Several studies have found chick growth rate to be associated with food supply (Boersma 1978, Gaston et al. 1983, Brown and Nettleship 1984, Ricklefs et al. 1984, Barrett et al. 1987, van Heezik 1990). To detect changes in prey availability as the season progressed, we measured early control chicks and chicks from experimental replacement eggs to assess changes in growth rates early and later in the season.

MATERIALS AND METHODS

The study was carried out at Coats Island, Northwest Territories, Canada, on a colony of [approximately equal to]30 000 breeding pairs of Thick-billed Murres (Gaston et al. 1993a).

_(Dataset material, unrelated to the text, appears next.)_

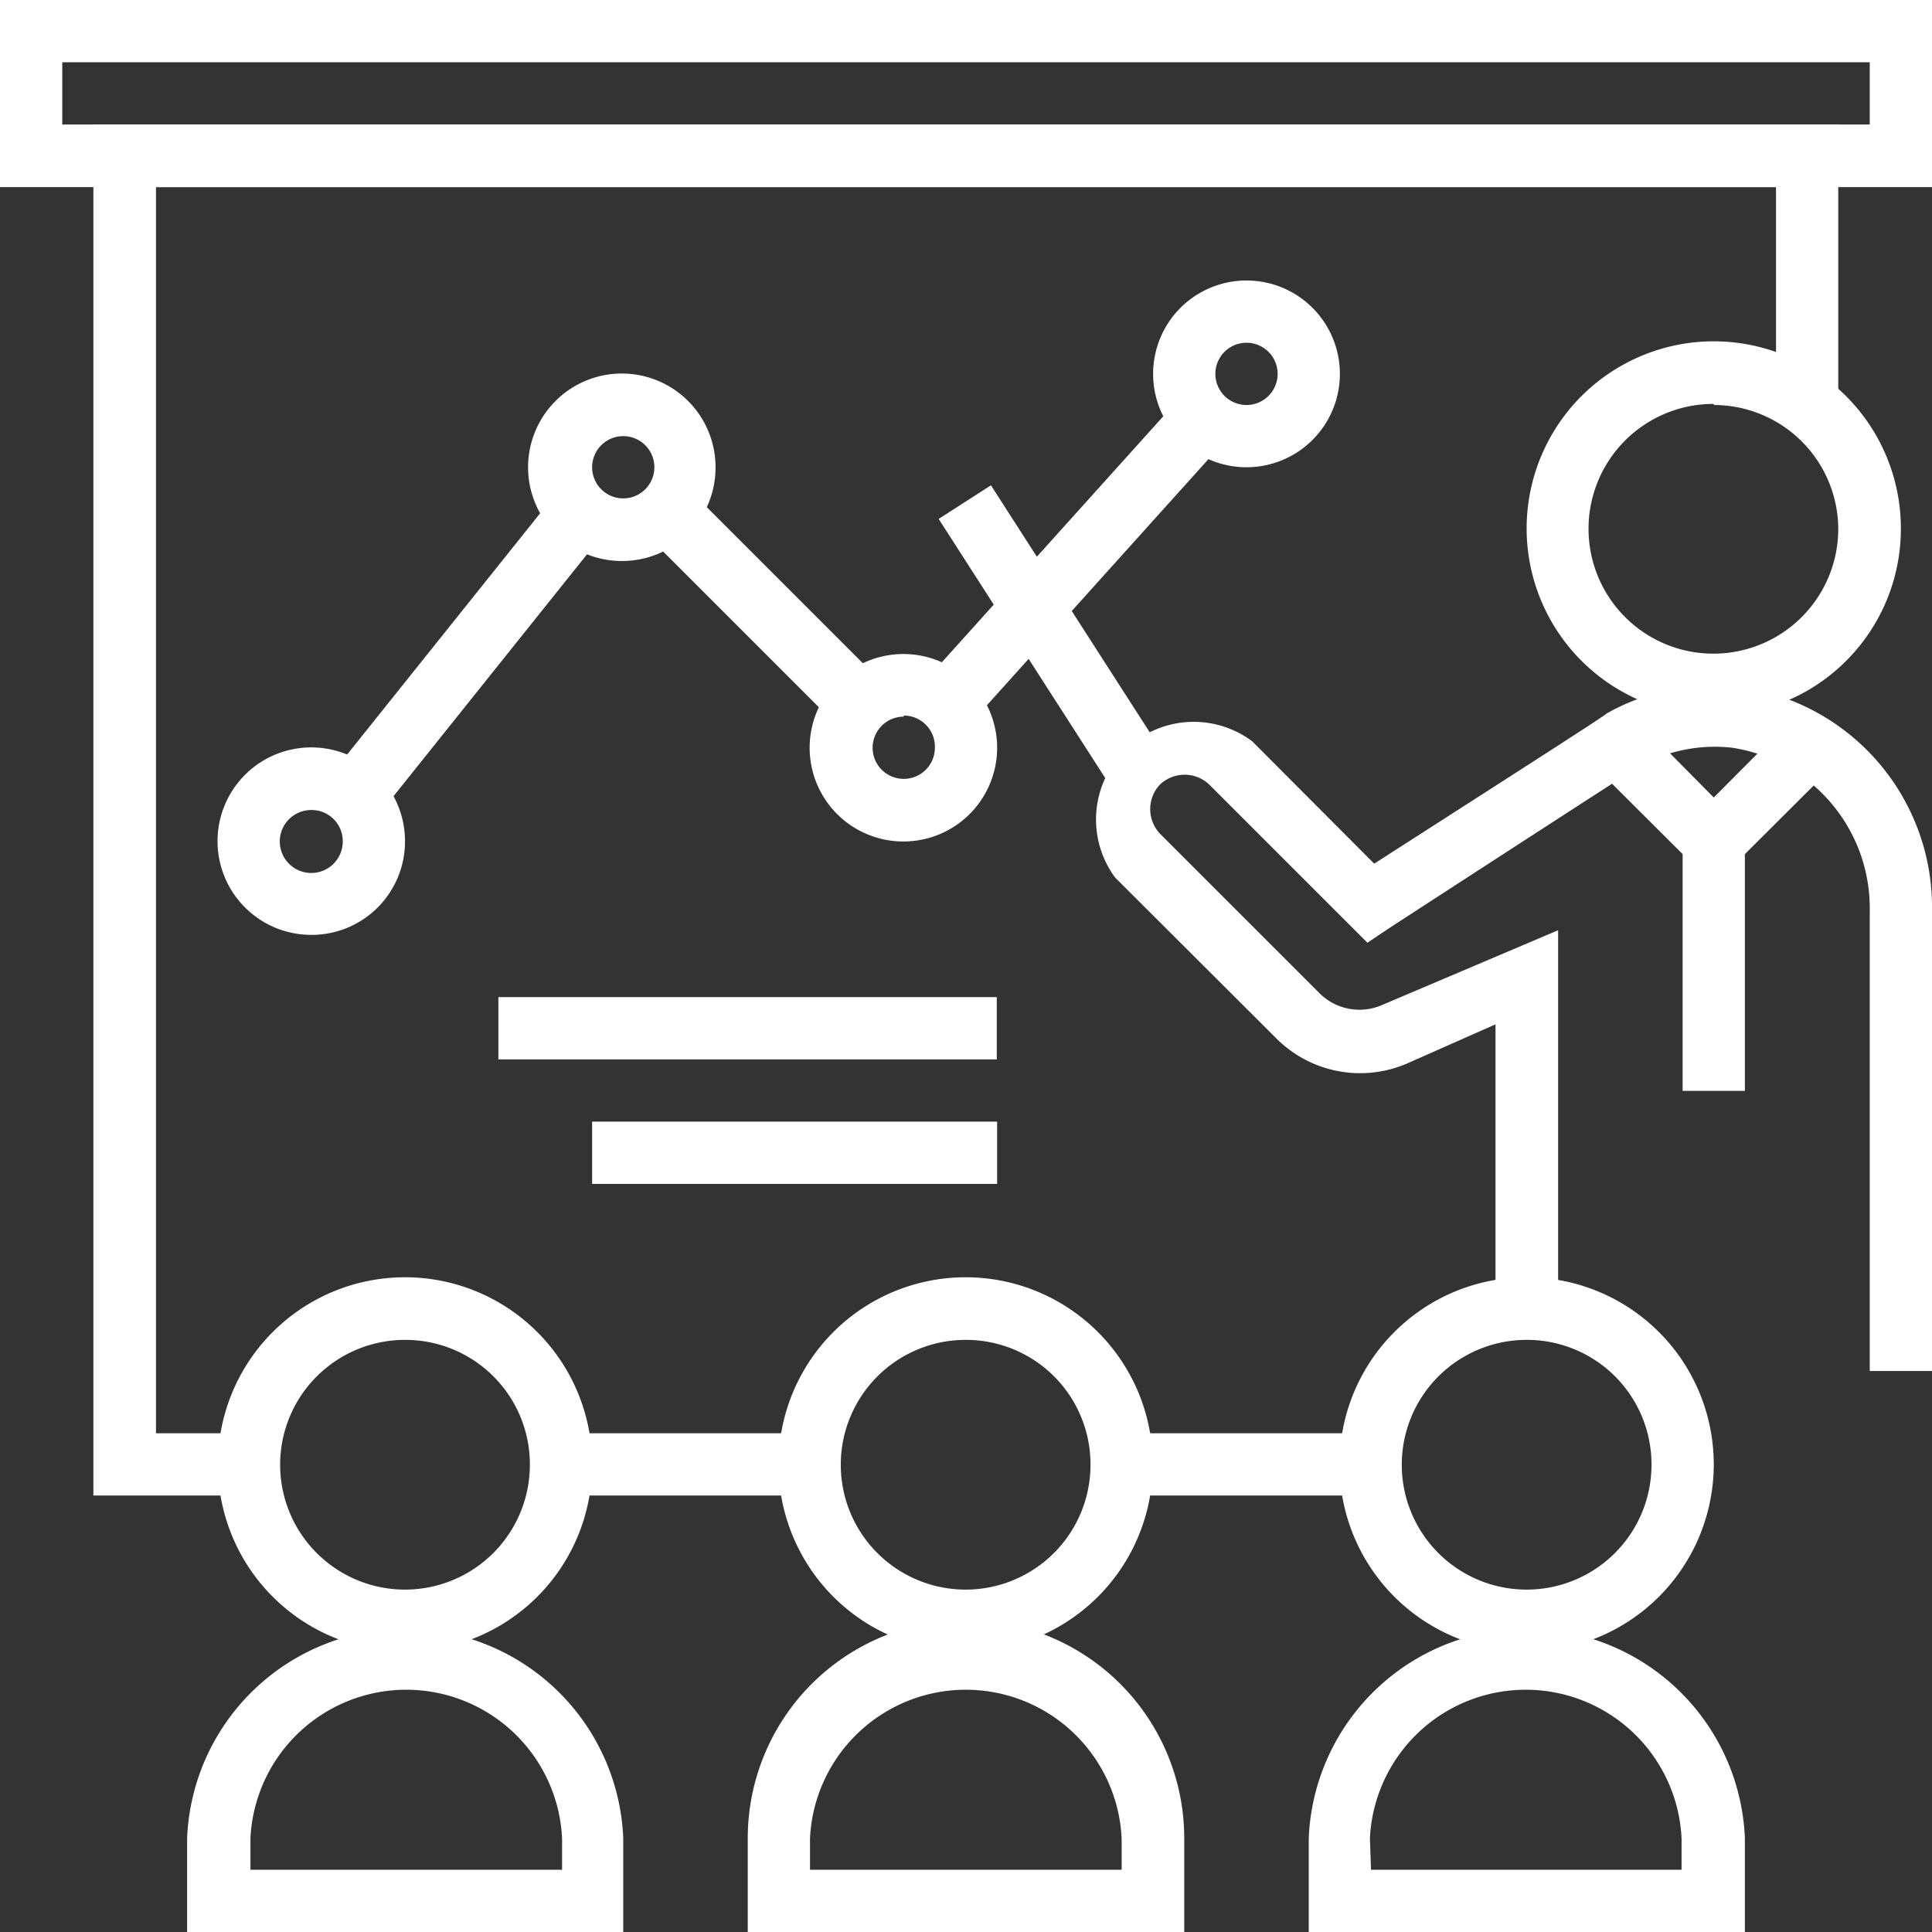<svg xmlns="http://www.w3.org/2000/svg" viewBox="0 0 54 54"><rect x="0" y="0" width="54" height="54" fill="#333333" stroke="none"/><defs><style>.cls-1{fill:#fff;}</style></defs><title>education_feature_icon4</title><g id="圖層_2" data-name="圖層 2"><g id="圖層_1-2" data-name="圖層 1"><g id="圖層_2-2" data-name="圖層 2"><g id="圖層_1-2-2" data-name="圖層 1-2"><polygon class="cls-1" points="6.97 41.8 2.61 41.8 2.61 3.48 51.38 3.48 51.38 11.16 49.64 11.16 49.64 5.23 4.36 5.23 4.36 40.06 6.97 40.06 6.97 41.8"/><path class="cls-1" d="M54,5.23H0V0H54ZM1.74,3.48H52.26V1.74H1.74Z"/><path class="cls-1" d="M11.32,46.16a5.23,5.23,0,1,1,5.23-5.23A5.23,5.23,0,0,1,11.32,46.16Zm0-8.71a3.49,3.49,0,1,0,3.49,3.48A3.48,3.48,0,0,0,11.32,37.45Z"/><path class="cls-1" d="M17.42,54H5.23V51.38a6.1,6.1,0,0,1,12.19,0ZM7,52.26h8.71v-.88a4.36,4.36,0,0,0-8.71,0Z"/><path class="cls-1" d="M27,46.16a5.23,5.23,0,1,1,5.22-5.23A5.23,5.23,0,0,1,27,46.16Zm0-8.71a3.49,3.49,0,1,0,3.48,3.48A3.48,3.48,0,0,0,27,37.45Z"/><path class="cls-1" d="M33.1,54H20.9V51.38a6.1,6.1,0,0,1,12.2,0ZM22.64,52.26h8.71v-.88a4.36,4.36,0,0,0-8.71,0Z"/><path class="cls-1" d="M42.68,46.16a5.23,5.23,0,1,1,5.22-5.23A5.23,5.23,0,0,1,42.68,46.16Zm0-8.71a3.49,3.49,0,1,0,3.48,3.48A3.48,3.48,0,0,0,42.68,37.45Z"/><path class="cls-1" d="M48.77,54H36.58V51.38a6.1,6.1,0,0,1,12.19,0ZM38.32,52.26H47v-.88a4.36,4.36,0,0,0-8.71,0Z"/><rect class="cls-1" x="15.68" y="40.06" width="6.97" height="1.74"/><rect class="cls-1" x="31.35" y="40.06" width="6.97" height="1.74"/><path class="cls-1" d="M47.9,20a5.23,5.23,0,1,1,5.23-5.22A5.22,5.22,0,0,1,47.9,20Zm0-8.71a3.49,3.49,0,1,0,3.48,3.49A3.48,3.48,0,0,0,47.9,11.32Z"/><path class="cls-1" d="M54,38.32H52.26V25.47a4.54,4.54,0,0,0-3.84-4.57,4.34,4.34,0,0,0-2.62.53c-.2.12-4.29,2.77-7,4.53l-.58.39-4.42-4.42a1,1,0,0,0-1.38,0,1,1,0,0,0,0,1.37h0l4.47,4.47a1.58,1.58,0,0,0,1.74.32L43.55,26V36.58H41.8V28.63l-2.46,1.09A3.31,3.31,0,0,1,35.65,29l-4.48-4.47A2.73,2.73,0,0,1,35,20.72l3.41,3.42c4.25-2.73,6.41-4.11,6.5-4.2a6.08,6.08,0,0,1,3.69-.74A6.21,6.21,0,0,1,54,25.47Z"/><rect class="cls-1" x="47.03" y="23.52" width="1.74" height="6.97"/><polygon class="cls-1" points="47.9 24.74 44.67 21.52 45.91 20.28 47.9 22.29 49.9 20.28 51.13 21.52 47.9 24.74"/><path class="cls-1" d="M8.71,26.13a2.62,2.62,0,1,1,2.61-2.61A2.61,2.61,0,0,1,8.71,26.13Zm0-3.49a.88.88,0,1,0,.87.88A.87.87,0,0,0,8.71,22.64Z"/><path class="cls-1" d="M17.42,15.68A2.62,2.62,0,1,1,20,13.06,2.61,2.61,0,0,1,17.42,15.68Zm0-3.49a.87.87,0,1,0,.87.87A.87.87,0,0,0,17.42,12.19Z"/><path class="cls-1" d="M25.26,23.52a2.62,2.62,0,1,1,2.61-2.62A2.62,2.62,0,0,1,25.26,23.52Zm0-3.49a.87.87,0,1,0,.87.87A.87.87,0,0,0,25.26,20Z"/><path class="cls-1" d="M34.84,13.06a2.61,2.61,0,1,1,2.61-2.61A2.61,2.61,0,0,1,34.84,13.06Zm0-3.48a.87.87,0,1,0,.87.87A.87.87,0,0,0,34.84,9.58Z"/><rect class="cls-1" x="7.49" y="17.41" width="11.16" height="1.74" transform="translate(-9.37 17.06) rotate(-51.34)"/><rect class="cls-1" x="20.47" y="12.68" width="1.74" height="8.62" transform="translate(-5.76 20.07) rotate(-45)"/><rect class="cls-1" x="24.19" y="14.81" width="11.71" height="1.74" transform="translate(-1.71 27.52) rotate(-48.01)"/><rect class="cls-1" x="28.52" y="13.22" width="1.74" height="8.81" transform="matrix(0.84, -0.54, 0.54, 0.84, -4.86, 18.8)"/><rect class="cls-1" x="13.93" y="27.87" width="13.93" height="1.74"/><rect class="cls-1" x="16.55" y="31.35" width="11.32" height="1.74"/></g></g></g></g></svg>

Thick-billed Murre chicks there have been banded with year class color bands each year since 1984. In addition, some adult breeders have been banded each year, using a single color to denote "banded as a breeder," as well as the year class colon All birds were also banded with numbered metal bands.

Reproductive success

We recorded reproductive success for marked and unmarked birds on five study plots comprising, in aggregate, 415 and 361 pairs of Thick-billed Murres in 1990 and 1991, respectively. The plots were situated in the part of the colony where banding was carried out and to which most banded chicks return (Noble et al. 1991). Our measures of reproductive success in relation to age were confined to birds breeding on our study plots. We rejected the possibility of using birds of known age on other sites in case such selective observations should constitute a biased sample of potential breeding sites. In 1990 and 1991, 57 and 72 birds banded as chicks bred on the study plots, at ages from 3 to 7 yr.